10. HRW does not explain why it refrained from sending a representative to the many meetings that were convened to study HRW’s report in the European Parliament in September 2005, in the British Parliament in June 2005, in the Netherlands in December 2005, in Germany in December 2005, and in Sweden in January 2006. Why does HRW refuse to meet with and respond to all those who have challenged its report as false and politically motivated?

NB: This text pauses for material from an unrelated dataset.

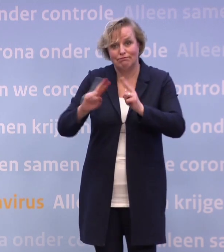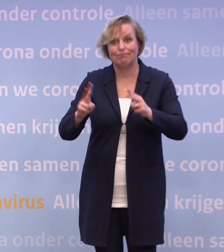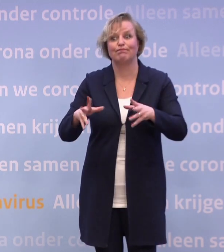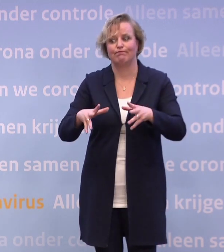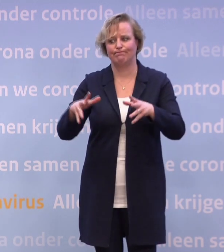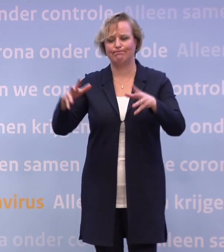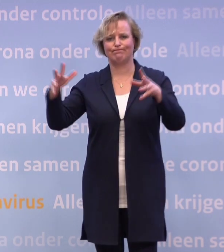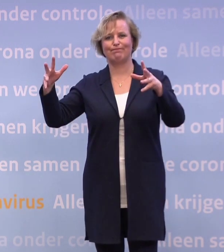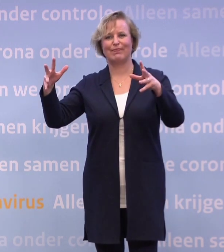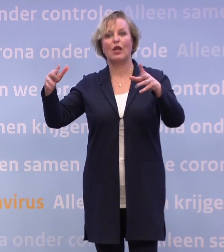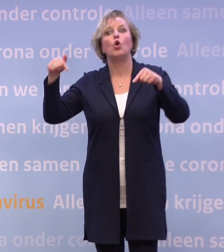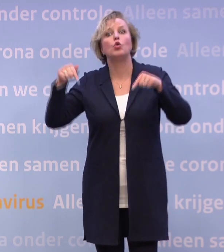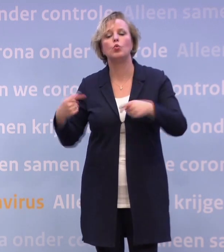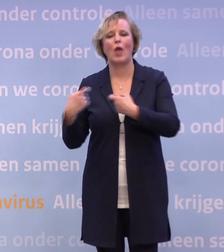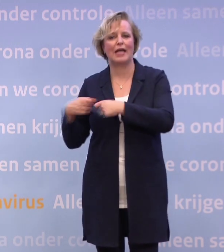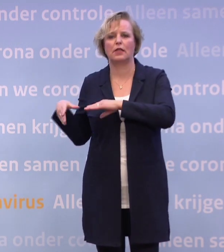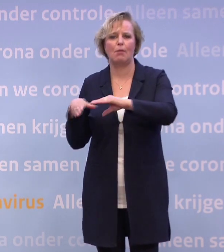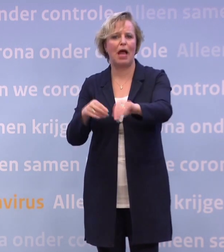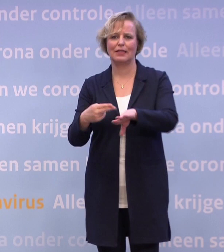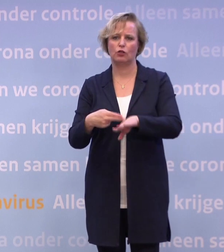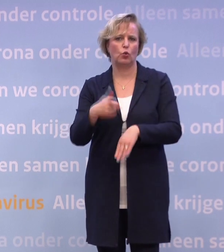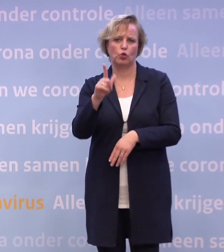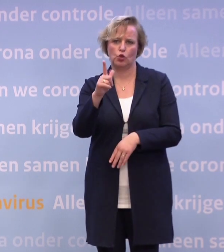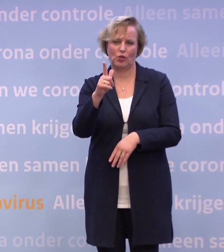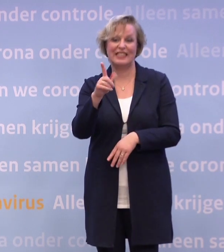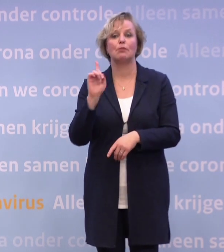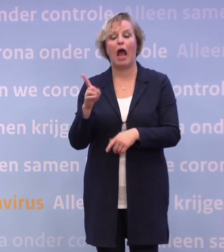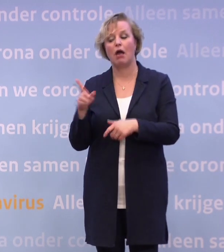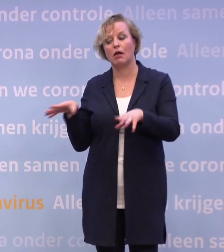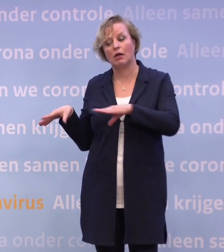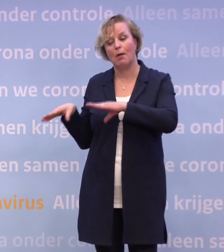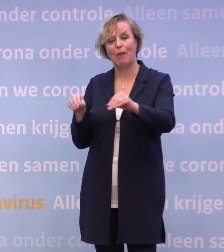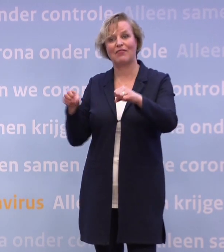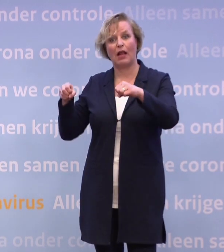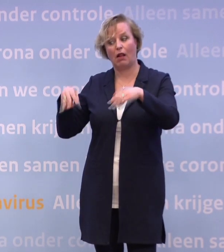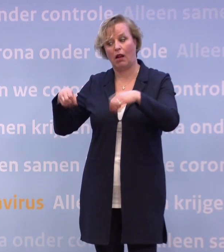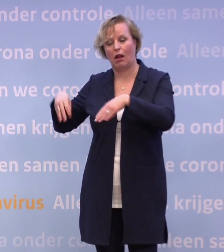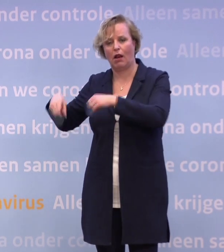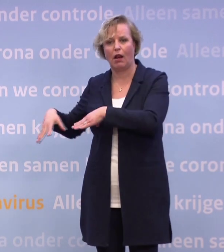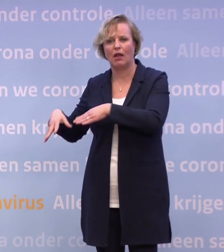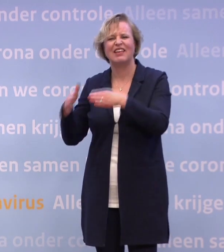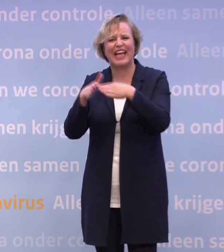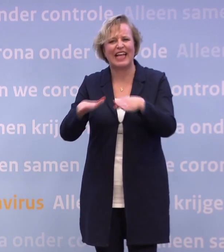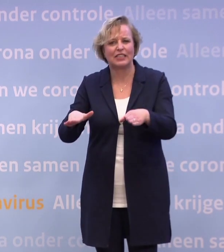Nog geen reden nu voor extra maatregelen. Wel reden om niet te versoepelen met de kerst. En ook, in het kader wat Hugo de Jonge ook net zei...
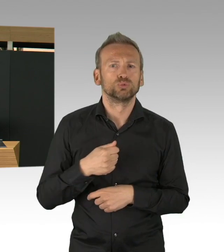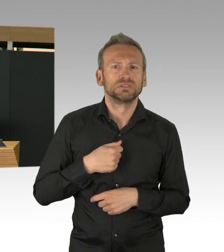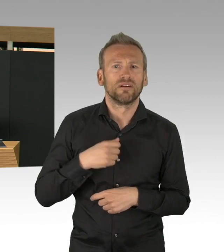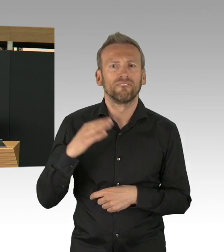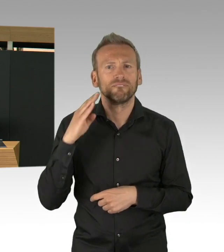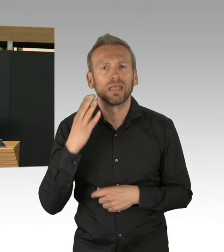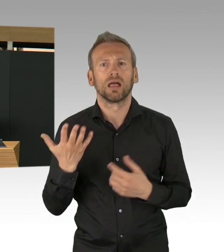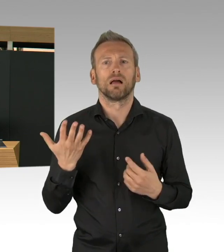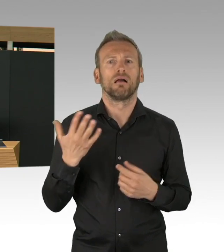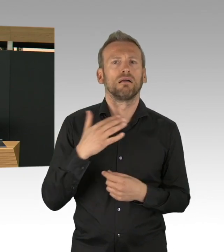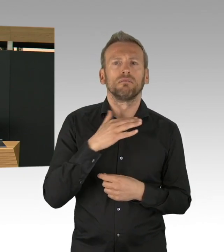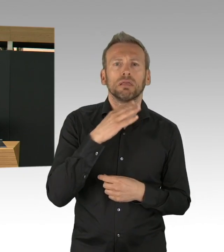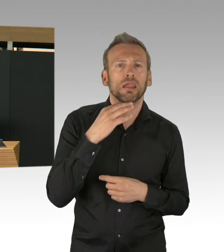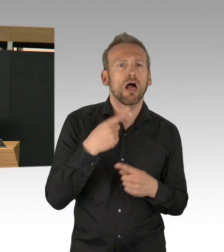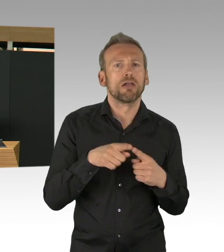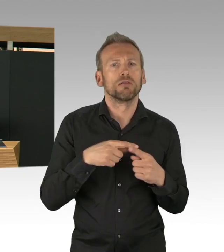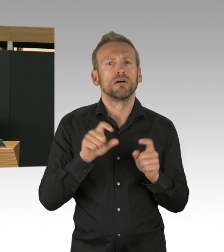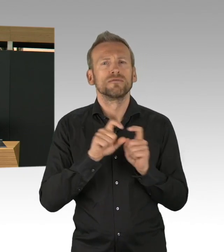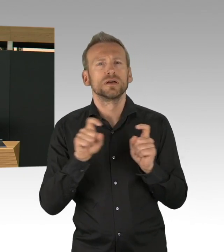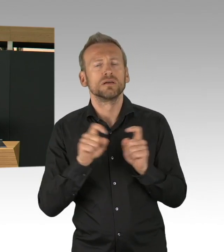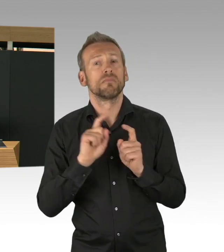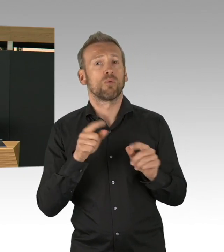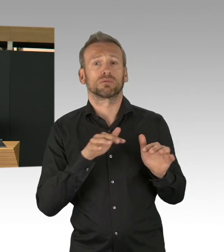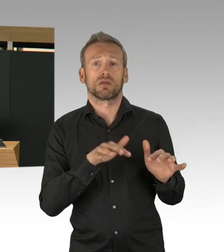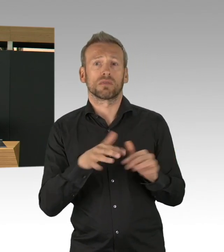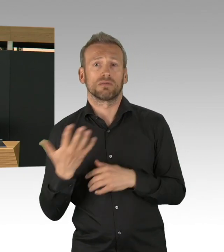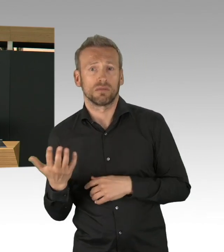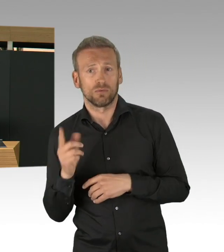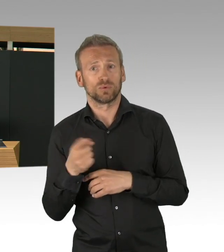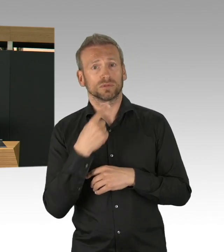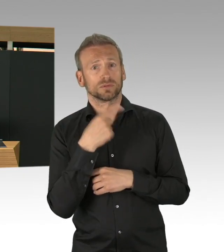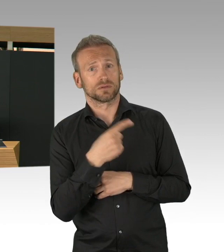mit Messebautechnik und mit Medizintechnik ein Krankenhaus aufzubauen,
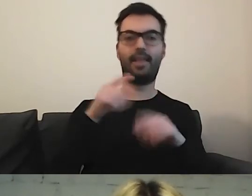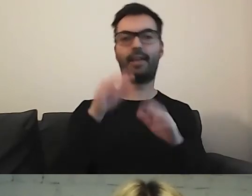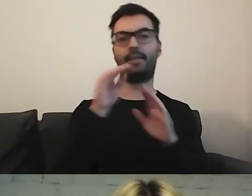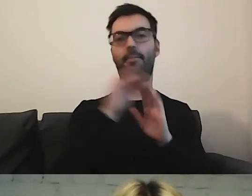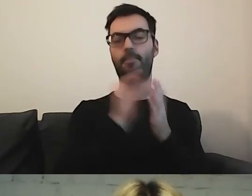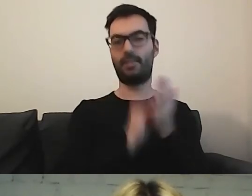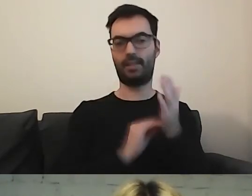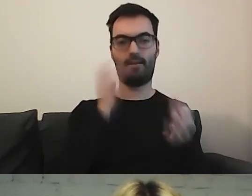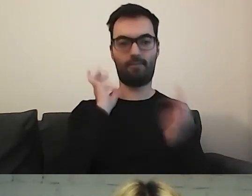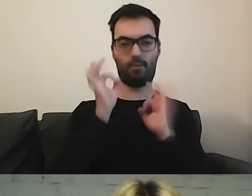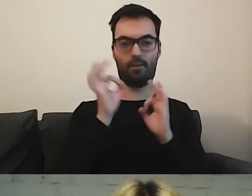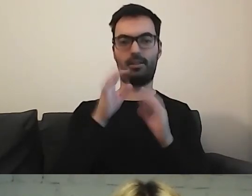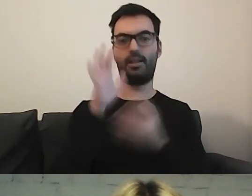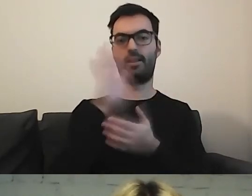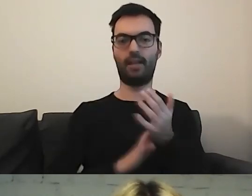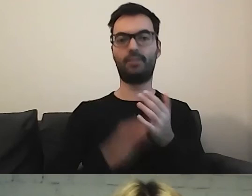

11. HRW asserts in its report that the EP delegation’s "document questioned Human Rights Watch’s methodology of conducting interviews with witnesses by phone. Human Rights Watch, like other organizations that conduct research and report on current affairs, sometimes relies on telephone interviews to gather information. Telephone interviews are a recognized and appropriate method of information gathering." This HRW assertion can best be described as obfuscation. The European Parliament delegation and Lord Avebury, the IPC report, and many other critics of HRW protested HRW’s methodology from numerous aspects, only a small part of which was the telephone interviews. The statement claims that telephone interviews are a recognized and appropriate method of information gathering. If HRW is sincere in its claim then perhaps it can show us other reports similar to the one it issued about the Mojahedin that were also solely based on telephone interviews. In particular, a direct and face to face meeting with the witnesses could not have been a problem, since they were in the Netherlands and Germany, not in a war zone or in a location that HRW would have political or security limitations in visiting. The report of the European Parliament delegation reviewed numerous HRW reports in the last ten years and reported that in not one of these reports was the present standard or method used. But, as appears from Joe Stork’s statement, HRW was in a rush to publish the report before the campaign to remove the Mojahedin from the terrorist list expanded and before the elections in Iran that Gary Sick praised were held. HRW believed it could dupe supporters of democracy and defenders of human rights. Now that HRW’s calculated move has backfired and its credibility has taken a hit, it has tried to explain it away the best it can. HRW, however, has again miscalculated, because the more it tries to explain away its disgraceful report that placed human rights at the service of politics, the more it will arouse public outcry and criticism.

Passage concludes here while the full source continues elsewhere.